Stowers works with her advisor, Tom Yankeelov, in the Center for Computational Oncology where she is exploring methods for incorporating genetic data into a multi-scale mathematical model of tumor growth designed to predict the response of breast cancer patients to neoadjuvant therapy.

“The ability to predict the response of cancer patients could allow for intervention and therapy optimization for the individual patient, which would limit their exposure to toxicities associated with unsuccessful therapies,” she said.

“When a patient comes in for therapy, this is a triple negative breast cancer patient, they do something called neoadjuvant therapy. They have imaging before they start the treatment, then they do two cycles of the treatment, then another set of imaging, two more cycles of treatment, another set of imaging, the second type of treatment, another set of imaging and then surgery,” explained Stowers.

“The previous work has been able to take the first two cycles of imaging and calibrate a PDE model in order to predict the third cycle of imaging, but if we have to wait until they're halfway through the therapy before we know if they're going to respond, then they've still done half the therapy.” 

“My research asks, what if we take what we have at baseline - at the very first imaging time point before therapy has begun - and we try to predict what happens at the end? This means I only have a couple hundred data points. Convolutional neural networks are generally on the order of tens of thousands of data points for training, so I don't have a lot to work with.” 

Stowers is proud of many of her achievements throughout her academic career, including her internships at LLNL, her publications—including one in a clinical journal—and, of course, her NSF fellowship.

“It was really cool because my sister also won the same fellowship, so we have two people in the family to get an NSF fellowship.”
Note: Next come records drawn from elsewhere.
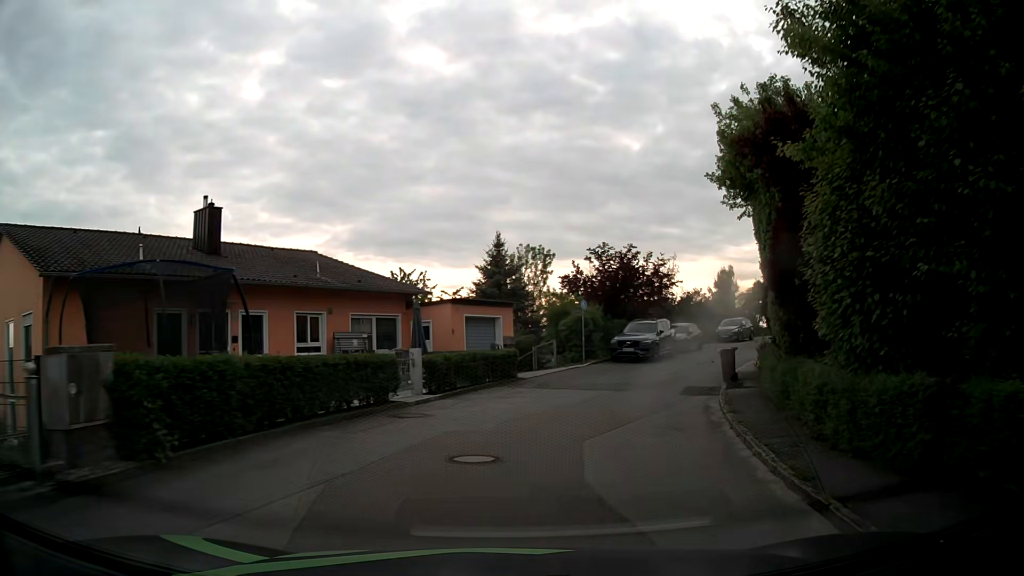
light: Day
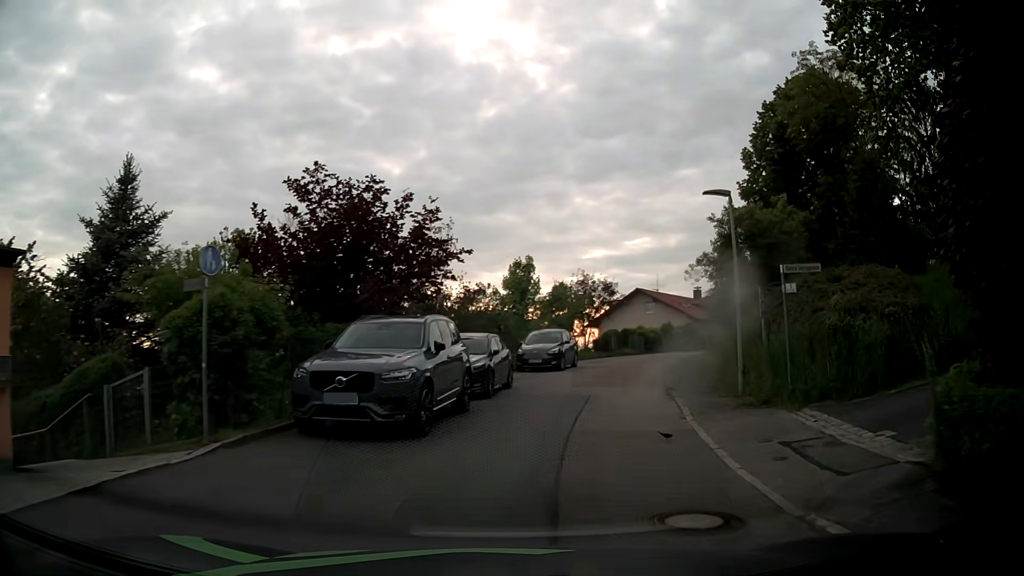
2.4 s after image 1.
(+3.0, +18.5) m; +21°
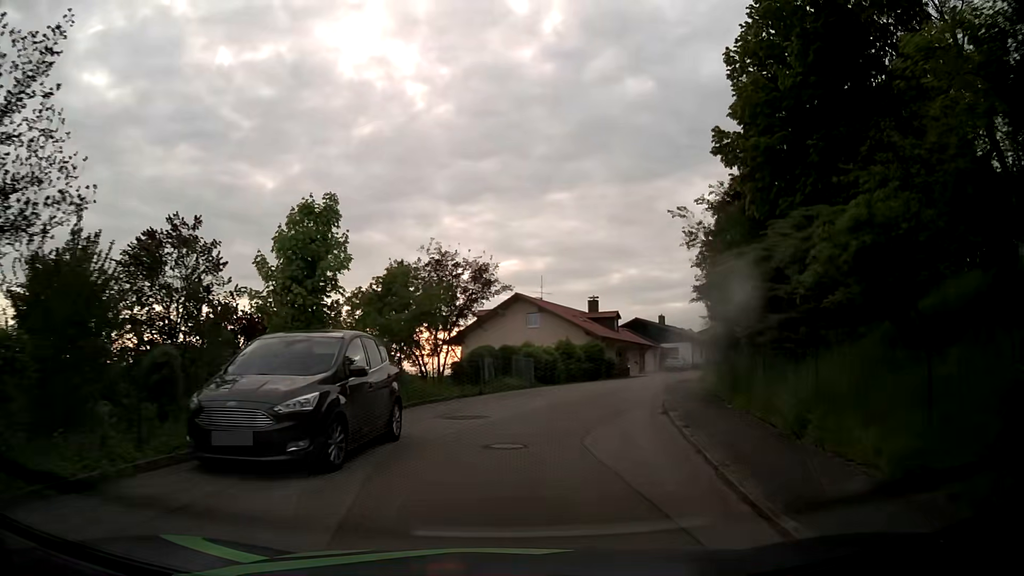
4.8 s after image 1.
(+2.2, +18.4) m; +11°
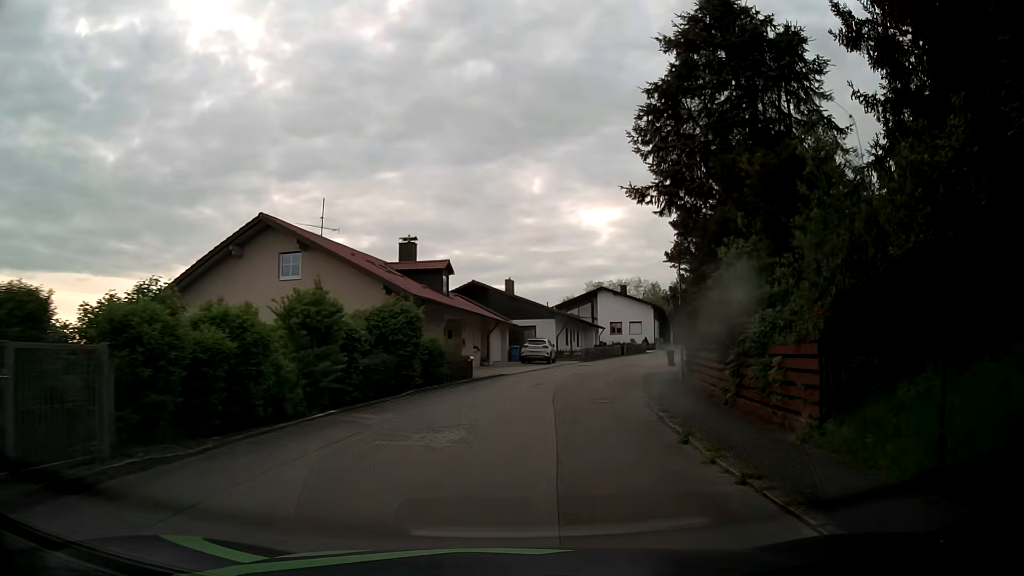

“For my application, I focused on the broader computational impact of my research,” Stowers explained. “While I’m working with medical data, this project is impactful for any areas where you have limited data and/or data that can be difficult to connect to underlying physical processes, making it difficult to model.”

When not working on her research, Stowers enjoys musical theater, hiking and playing D&D.

She also spends a lot of her time knitting or sewing her own clothes. “I met with another CSEM student and I got her into knitting and now we knit together. It's a very addictive hobby. You can also watch as much TV as you want and not feel bad about it.”

Stowers and her husband have two guinea pigs. “Their names are Minnie and Ollie. We were going to get two more, but they are two old grouchy ladies and they did not want friends,” she said.

As a third-year student, Stowers is excited to be finished with classes so that she can focus all of her attention on her research. “I made a lot of progress this summer and I look forward to continuing that progress this fall.”